Excerpts from a dataset

- - -

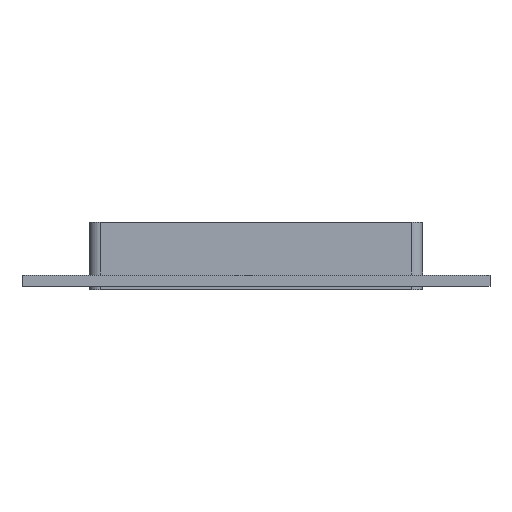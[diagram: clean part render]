
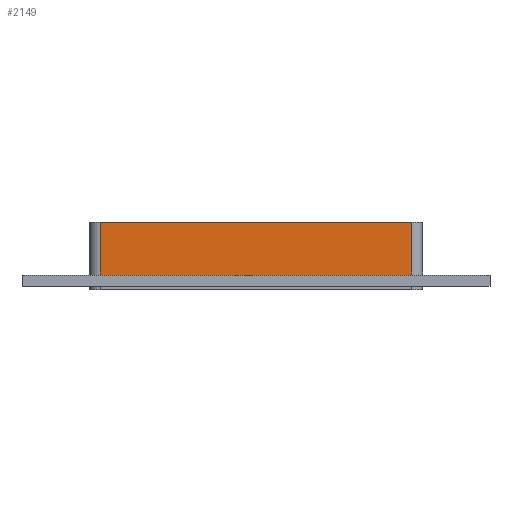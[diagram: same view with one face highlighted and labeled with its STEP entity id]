
A CAD part, left-side view. The second image highlights one B-rep face of the part: STEP entity #2149.
In plain terms, the highlighted planar face has unit normal (-1, 0, 0).
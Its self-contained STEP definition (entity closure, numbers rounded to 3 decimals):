
#921=CARTESIAN_POINT('',(-331.25,-139.,-17.0));
#922=VERTEX_POINT('',#921);
#930=CARTESIAN_POINT('',(-331.25,139.,-17.0));
#931=VERTEX_POINT('',#930);
#932=CARTESIAN_POINT('',(-331.25,139.,-17.0));
#933=DIRECTION('',(0.0,-1.0,0.0));
#934=VECTOR('',#933,278.0);
#935=LINE('',#932,#934);
#936=EDGE_CURVE('',#931,#922,#935,.T.);
#1576=CARTESIAN_POINT('',(-331.25,-139.,30.0));
#1577=VERTEX_POINT('',#1576);
#1585=CARTESIAN_POINT('',(-331.25,-139.,30.0));
#1586=DIRECTION('',(0.0,0.0,-1.0));
#1587=VECTOR('',#1586,47.0);
#1588=LINE('',#1585,#1587);
#1589=EDGE_CURVE('',#1577,#922,#1588,.T.);
#1600=CARTESIAN_POINT('',(-331.25,139.,30.0));
#1601=VERTEX_POINT('',#1600);
#1602=CARTESIAN_POINT('',(-331.25,139.,-17.0));
#1603=DIRECTION('',(0.0,0.0,1.0));
#1604=VECTOR('',#1603,47.0);
#1605=LINE('',#1602,#1604);
#1606=EDGE_CURVE('',#931,#1601,#1605,.T.);
#2133=CARTESIAN_POINT('',(-331.25,149.,0.0));
#2134=DIRECTION('',(-1.0,0.0,0.0));
#2135=DIRECTION('',(0.0,-1.0,0.0));
#2136=AXIS2_PLACEMENT_3D('',#2133,#2134,#2135);
#2137=PLANE('',#2136);
#2138=ORIENTED_EDGE('',*,*,#936,.T.);
#2139=ORIENTED_EDGE('',*,*,#1589,.F.);
#2140=CARTESIAN_POINT('',(-331.25,139.,30.0));
#2141=DIRECTION('',(0.0,-1.0,0.0));
#2142=VECTOR('',#2141,278.);
#2143=LINE('',#2140,#2142);
#2144=EDGE_CURVE('',#1601,#1577,#2143,.T.);
#2145=ORIENTED_EDGE('',*,*,#2144,.F.);
#2146=ORIENTED_EDGE('',*,*,#1606,.F.);
#2147=EDGE_LOOP('',(#2138,#2139,#2145,#2146));
#2148=FACE_OUTER_BOUND('',#2147,.T.);
#2149=ADVANCED_FACE('',(#2148),#2137,.T.);

- - -

### TASK OBJECTIVE
For each line above that contains the word "DIRECTION", give the line as it is written.

### REPLY
#933=DIRECTION('',(0.0,-1.0,0.0));
#1586=DIRECTION('',(0.0,0.0,-1.0));
#1603=DIRECTION('',(0.0,0.0,1.0));
#2134=DIRECTION('',(-1.0,0.0,0.0));
#2135=DIRECTION('',(0.0,-1.0,0.0));
#2141=DIRECTION('',(0.0,-1.0,0.0));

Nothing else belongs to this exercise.